INPUT RECORDS section start
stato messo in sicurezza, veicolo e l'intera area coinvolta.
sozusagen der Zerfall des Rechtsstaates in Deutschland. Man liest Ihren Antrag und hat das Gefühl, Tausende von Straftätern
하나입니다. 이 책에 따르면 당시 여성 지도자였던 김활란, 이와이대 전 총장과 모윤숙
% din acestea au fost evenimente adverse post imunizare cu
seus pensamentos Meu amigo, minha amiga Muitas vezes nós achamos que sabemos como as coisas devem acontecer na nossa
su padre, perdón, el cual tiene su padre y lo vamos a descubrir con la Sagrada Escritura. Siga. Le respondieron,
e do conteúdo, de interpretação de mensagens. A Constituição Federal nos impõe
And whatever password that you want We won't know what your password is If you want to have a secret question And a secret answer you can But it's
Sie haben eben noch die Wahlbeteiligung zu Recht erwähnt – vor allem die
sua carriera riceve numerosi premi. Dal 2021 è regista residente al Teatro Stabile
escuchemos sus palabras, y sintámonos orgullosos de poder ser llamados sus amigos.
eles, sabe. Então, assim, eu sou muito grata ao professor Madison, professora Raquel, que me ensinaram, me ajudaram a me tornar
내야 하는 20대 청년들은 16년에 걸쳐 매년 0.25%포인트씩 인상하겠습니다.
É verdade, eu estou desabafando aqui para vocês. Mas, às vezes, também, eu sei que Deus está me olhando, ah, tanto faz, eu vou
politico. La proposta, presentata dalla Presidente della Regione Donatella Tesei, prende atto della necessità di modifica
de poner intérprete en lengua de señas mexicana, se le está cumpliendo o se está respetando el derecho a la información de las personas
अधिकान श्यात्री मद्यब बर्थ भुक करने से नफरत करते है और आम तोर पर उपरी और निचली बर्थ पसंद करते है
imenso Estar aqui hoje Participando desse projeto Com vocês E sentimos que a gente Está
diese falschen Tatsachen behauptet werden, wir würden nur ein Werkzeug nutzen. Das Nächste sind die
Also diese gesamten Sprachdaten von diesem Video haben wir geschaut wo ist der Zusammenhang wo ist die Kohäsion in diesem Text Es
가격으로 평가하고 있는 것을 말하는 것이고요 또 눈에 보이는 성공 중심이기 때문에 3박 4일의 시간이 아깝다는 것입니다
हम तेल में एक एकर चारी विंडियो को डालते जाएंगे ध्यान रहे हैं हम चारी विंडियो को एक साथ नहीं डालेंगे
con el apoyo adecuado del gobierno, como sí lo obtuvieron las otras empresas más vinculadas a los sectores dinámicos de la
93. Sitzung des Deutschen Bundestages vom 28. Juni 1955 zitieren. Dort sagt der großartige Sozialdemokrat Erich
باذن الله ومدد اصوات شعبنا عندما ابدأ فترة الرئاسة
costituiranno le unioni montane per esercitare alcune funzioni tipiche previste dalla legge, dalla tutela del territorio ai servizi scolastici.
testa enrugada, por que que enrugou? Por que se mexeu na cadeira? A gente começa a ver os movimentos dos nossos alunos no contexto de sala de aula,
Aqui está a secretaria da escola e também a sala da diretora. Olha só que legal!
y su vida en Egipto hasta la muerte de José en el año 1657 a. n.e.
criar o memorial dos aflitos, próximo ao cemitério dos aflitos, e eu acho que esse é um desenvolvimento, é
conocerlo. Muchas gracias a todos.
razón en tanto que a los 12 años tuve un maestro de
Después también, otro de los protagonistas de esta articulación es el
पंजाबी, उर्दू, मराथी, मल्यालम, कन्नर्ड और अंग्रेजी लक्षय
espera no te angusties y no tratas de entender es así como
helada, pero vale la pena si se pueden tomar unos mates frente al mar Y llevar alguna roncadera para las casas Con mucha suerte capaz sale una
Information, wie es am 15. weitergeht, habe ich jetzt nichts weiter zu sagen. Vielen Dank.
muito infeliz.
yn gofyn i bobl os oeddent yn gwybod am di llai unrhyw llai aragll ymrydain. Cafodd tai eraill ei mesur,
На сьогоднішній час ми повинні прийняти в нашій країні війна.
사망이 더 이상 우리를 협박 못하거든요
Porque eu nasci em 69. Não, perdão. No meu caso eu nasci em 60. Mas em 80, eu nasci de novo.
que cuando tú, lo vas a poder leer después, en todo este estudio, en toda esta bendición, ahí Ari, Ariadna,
INPUT RECORDS section end
__EXERCISE GOAL__
Look above for the line with "sua carriera riceve"; retype exactly that line, every line after it up to the line with "हम तेल में एक", and that line too, nothing else.

__SOLVED EXERCISE__
sua carriera riceve numerosi premi. Dal 2021 è regista residente al Teatro Stabile
escuchemos sus palabras, y sintámonos orgullosos de poder ser llamados sus amigos.
eles, sabe. Então, assim, eu sou muito grata ao professor Madison, professora Raquel, que me ensinaram, me ajudaram a me tornar
내야 하는 20대 청년들은 16년에 걸쳐 매년 0.25%포인트씩 인상하겠습니다.
É verdade, eu estou desabafando aqui para vocês. Mas, às vezes, também, eu sei que Deus está me olhando, ah, tanto faz, eu vou
politico. La proposta, presentata dalla Presidente della Regione Donatella Tesei, prende atto della necessità di modifica
de poner intérprete en lengua de señas mexicana, se le está cumpliendo o se está respetando el derecho a la información de las personas
अधिकान श्यात्री मद्यब बर्थ भुक करने से नफरत करते है और आम तोर पर उपरी और निचली बर्थ पसंद करते है
imenso Estar aqui hoje Participando desse projeto Com vocês E sentimos que a gente Está
diese falschen Tatsachen behauptet werden, wir würden nur ein Werkzeug nutzen. Das Nächste sind die
Also diese gesamten Sprachdaten von diesem Video haben wir geschaut wo ist der Zusammenhang wo ist die Kohäsion in diesem Text Es
가격으로 평가하고 있는 것을 말하는 것이고요 또 눈에 보이는 성공 중심이기 때문에 3박 4일의 시간이 아깝다는 것입니다
हम तेल में एक एकर चारी विंडियो को डालते जाएंगे ध्यान रहे हैं हम चारी विंडियो को एक साथ नहीं डालेंगे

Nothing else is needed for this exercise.